The surface treatment method of the present invention is carried out while maintaining the temperature of the chemical conversion treatment solution at 25 to 95 ° C, preferably 30 to 70 ° C. When the liquid temperature is lower than 25 ° C., the corrosion resistance of the aluminum alloy surface after the chemical conversion treatment tends to be insufficient. On the other hand, when the temperature of the solution exceeds 95 ° C., the chemical conversion solution tends to evaporate vigorously, making it difficult to control the bath.
[0015]
In the surface treatment method of the present invention, the chemical conversion treatment time is 0.5 to 20 minutes, preferably 0.7 to 15 minutes.

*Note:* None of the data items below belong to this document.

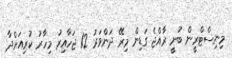
މިނިސްޓްރީން ބުނީ ރާއްޖެ ގަޑިން މިރޭ ދަންވަރު 12 ޖަހާއިރު މިހާރު ކުރިއަށްދާ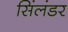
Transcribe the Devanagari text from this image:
सिंलंडर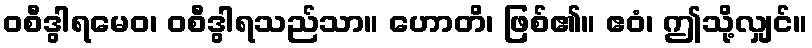
ဝစီဒွါရမေဝ၊ ဝစီဒွါရသည်သာ။ ဟောတိ၊ ဖြစ်၏။ ဧဝံ၊ ဤသို့လျှင်။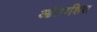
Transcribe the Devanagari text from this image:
आंतरशिरा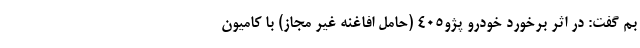
بم گفت: در اثر برخورد خودرو پژو٤٠٥ (حامل افاغنه غیر مجاز) با کامیون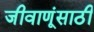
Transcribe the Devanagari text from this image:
जीवाणूंसाठी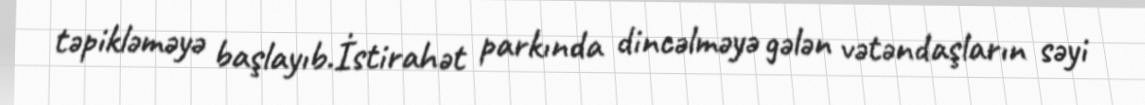
təpikləməyə başlayıb.İstirahət parkında dincəlməyə gələn vətəndaşların səyi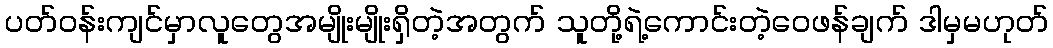
ပတ်ဝန်းကျင်မှာလူတွေအမျိုးမျိုးရှိတဲ့အတွက် သူတို့ရဲ့ကောင်းတဲ့ဝေဖန်ချက် ဒါမှမဟုတ်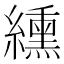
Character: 纁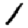
Digit: 1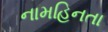
નામહિનતા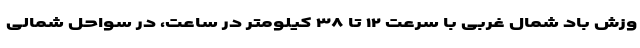
وزش باد شمال غربی با سرعت ۱۲ تا ۳۸ کیلومتر در ساعت، در سواحل شمالی

If the chemical conversion treatment time is less than 0.5 minutes, the corrosion resistance of the aluminum alloy surface after the chemical conversion treatment tends to be insufficient. Further, even if the chemical conversion treatment time is longer than 20 minutes, there is no corresponding improvement in corrosion resistance.
[0016]
After the chemical conversion treatment under the above conditions, washing with water and washing with pure water are performed, followed by drying. Drying is generally performed at room temperature to about 90 ° C. for 10 to 120 minutes.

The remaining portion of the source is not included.